Terkait motif kepindahan pasangan itu ke Filipina, apakah memang sengaja menjadi 'pengantin' atau menetap di sana, polisi masih mendalaminya. "Jadi nanti itu kita akan dalami dulu. Dari Andi Baso itu keterangannya emang diarahkan kesana, makanya sebelum dia melakukan tentunya kan ada komunikasi dulu, komunikasi dengan pihak sana juga," terang Dedi.
Andi Baso sendiri merupakan anggota murni JAD yang memiliki jaringan internasional. Tim Detasemen Khusus (Densus) 88 Antiteror mendapatkan informasi bahwa Andi Baso kini bergabung di Khorasan, Afghanistan.
Dedi mengatakan, Khorasan menjadi tempat persembunyian sisa anggota ISIS dan Al Qaeda. Tempat itu disebut sulit dijangkau oleh aparat.
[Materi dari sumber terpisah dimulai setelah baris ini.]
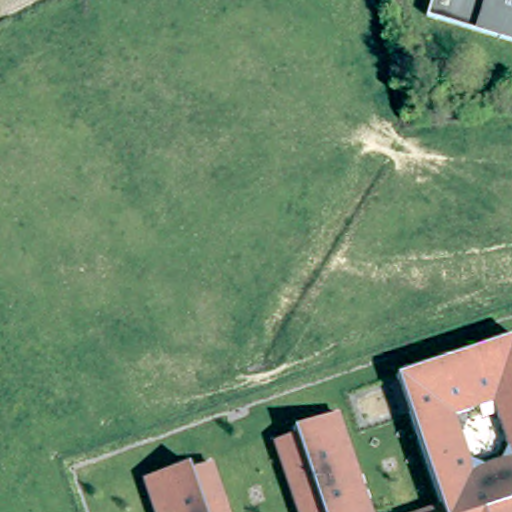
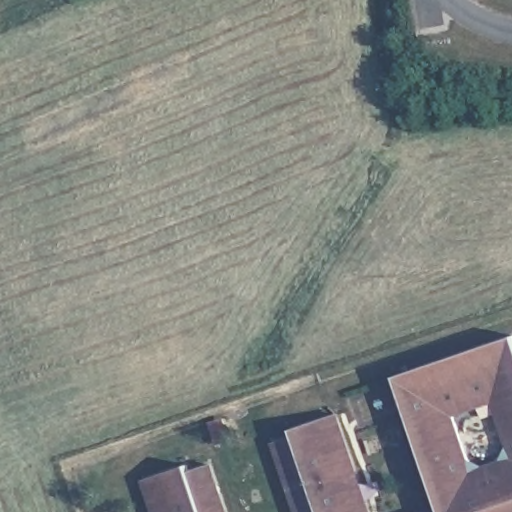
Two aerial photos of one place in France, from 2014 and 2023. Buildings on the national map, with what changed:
demolished [(424,15),(428,0),(512,0),(512,42),(424,15)]
unchanged [(436,497),(395,371),(512,338),(512,460),(512,512),(403,512),(436,497)]
unchanged [(272,441),(344,419),(372,512),(295,512),(272,441)]
unchanged [(142,481),(217,463),(231,512),(153,512),(142,481)]

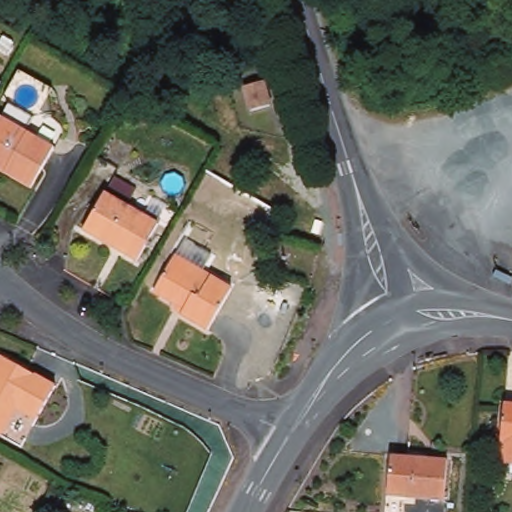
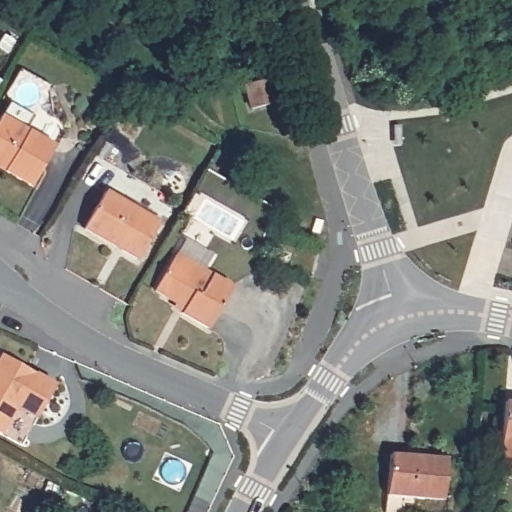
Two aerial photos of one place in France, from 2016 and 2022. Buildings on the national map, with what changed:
unchanged [(251,104),(232,110),(223,84),(241,78),(251,104)]
unchanged [(30,192),(0,174),(0,120),(52,151),(30,192)]
unchanged [(156,224),(136,262),(78,229),(98,190),(156,224)]
unchanged [(285,224),(301,229),(299,238),(283,233),(285,224)]
unchanged [(229,290),(209,334),(178,316),(181,310),(150,292),(168,255),(229,290)]
unchanged [(33,422),(14,412),(4,434),(0,432),(0,366),(47,392),(33,422)]
unchanged [(512,405),(512,467),(498,465),(508,405),(512,405)]
unchanged [(438,504),(386,496),(392,455),(445,462),(438,504)]

"Sekarang itu daerah yang dikuasai (ISIS), dulu pelarian Al Qaeda juga larinya kesitu. Yang paling tua kan Al Qaeda, ISIS lebih ekstrem lagi kan haluannya. Kalau begitu maka mereka ada komunikasi kesitu. Setelah kita pelajari juga dari hasil penangkapan-penangkapan jaringan terorisme yg ada di Indonesia juga ada memiliki hubungan," tandas Dedi.
Sebelumnya, Menteri Dalam Negeri Filipina, Eduardo Ano menyebut insiden itu menyebabkan 22 orang meninggal dunia dan 100 orang luka-luka.
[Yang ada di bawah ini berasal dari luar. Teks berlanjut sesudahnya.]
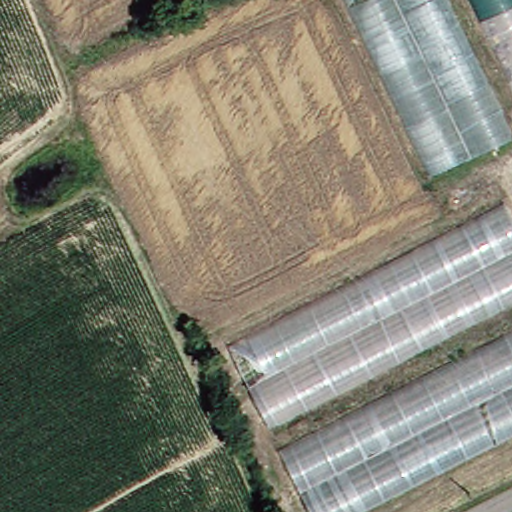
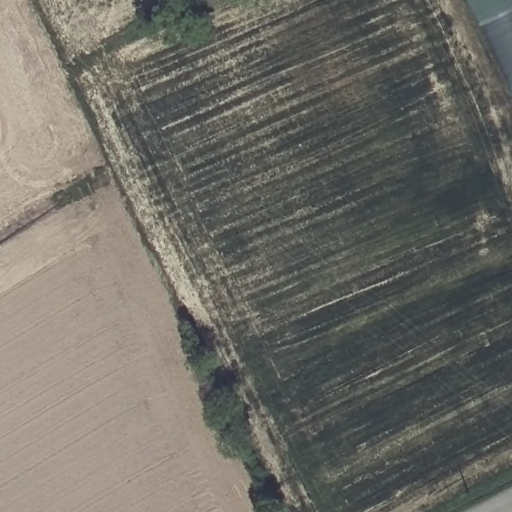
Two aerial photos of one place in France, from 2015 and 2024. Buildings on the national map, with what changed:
demolished [(429,169),(351,0),(446,0),(510,138),(429,169)]
unchanged [(473,0),(512,0),(512,83),(473,0)]
demolished [(268,423),(229,341),(503,198),(512,217),(512,299),(268,423)]
demolished [(354,512),(311,512),(278,447),(512,327),(512,429),(354,512)]

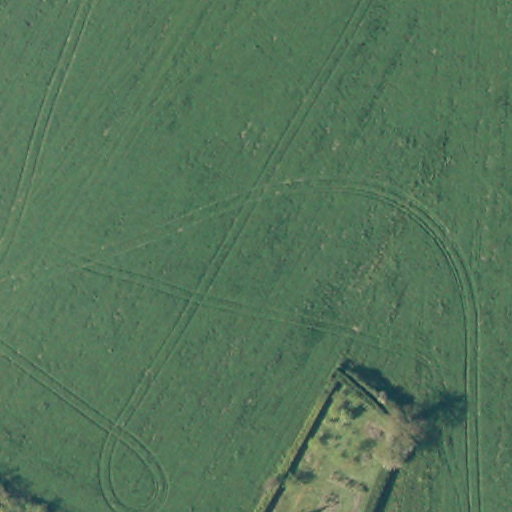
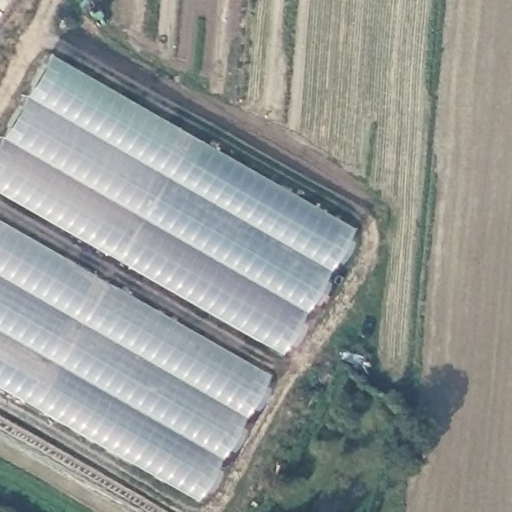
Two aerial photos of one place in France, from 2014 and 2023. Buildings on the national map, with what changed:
new [(0,188),(0,137),(48,54),(352,227),(281,351),(0,188)]
new [(0,384),(0,220),(267,373),(199,499),(0,384)]

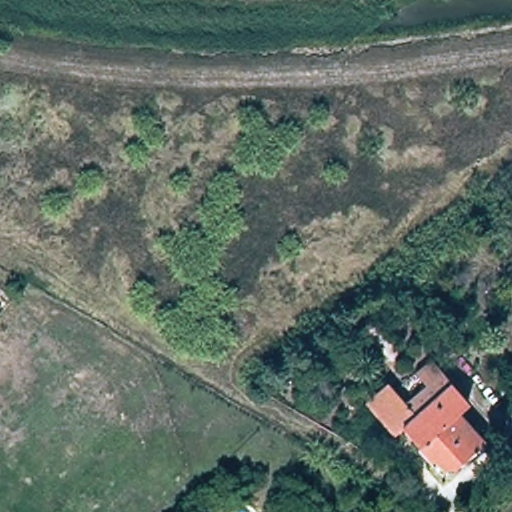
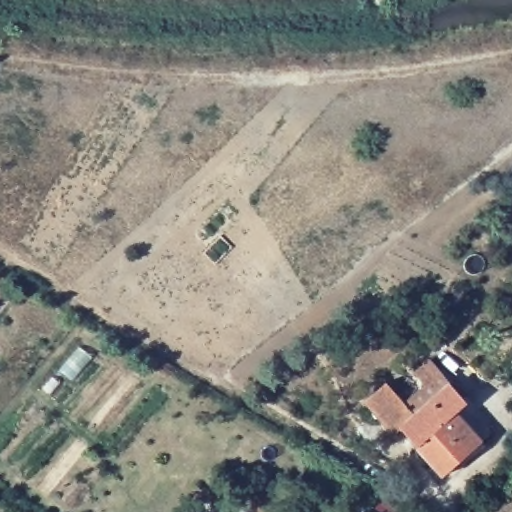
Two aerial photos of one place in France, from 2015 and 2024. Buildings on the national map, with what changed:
unchanged [(439,480),(396,431),(387,439),(358,405),(379,386),(397,406),(418,388),(408,376),(424,362),(462,405),(450,415),(477,445),(439,480)]

Dalam konferensi pers di Provinsi Visayas, Filipina, pada 1 Februari 2019 lalu, Ano menyebut pelaku bom bunuh diri adalah pasangan suami istri WNI bernama Abu Huda dan seorang perempuan yang tidak disebutkan namanya.
Kedua pelaku dibantu oleh Kamah, anggota kelompok Ajang-Ajang yang berafiliasi dengan kelompok Abu Sayyaf. Faksi tersebut telah menyatakan dukungannya kepada jaringan teroris ISIS.
Sementata itu, pada 4 Februari lalu, Kepala Kepolisian Nasional Filipina Oscar D. Albayalde menyampaikan keterangan pers bahwa Kammah L. Pae, seorang pria warga Jolo yang diyakini sebagai tersangka utama sekaligus donatur aksi pengeboman, telah menyerahkan diri bersama empat orang lainnya, yaitu Albaji Kisae Gadjali alias Awag, Rajan Bakil Gadjali alias Radjan, Kaisar Bakil Gadjali alias Isal, serta Salit Alih alias Papong.
Kelima orang tersebut adalah anggota kelompok Abu Sayyaf di bawah pimpinan Hatib Hajan Sawadjaan. Mereka menyerahkan diri setelah kepolisian dan militer Filipina melakukan operasi pengejaran besar-besaran.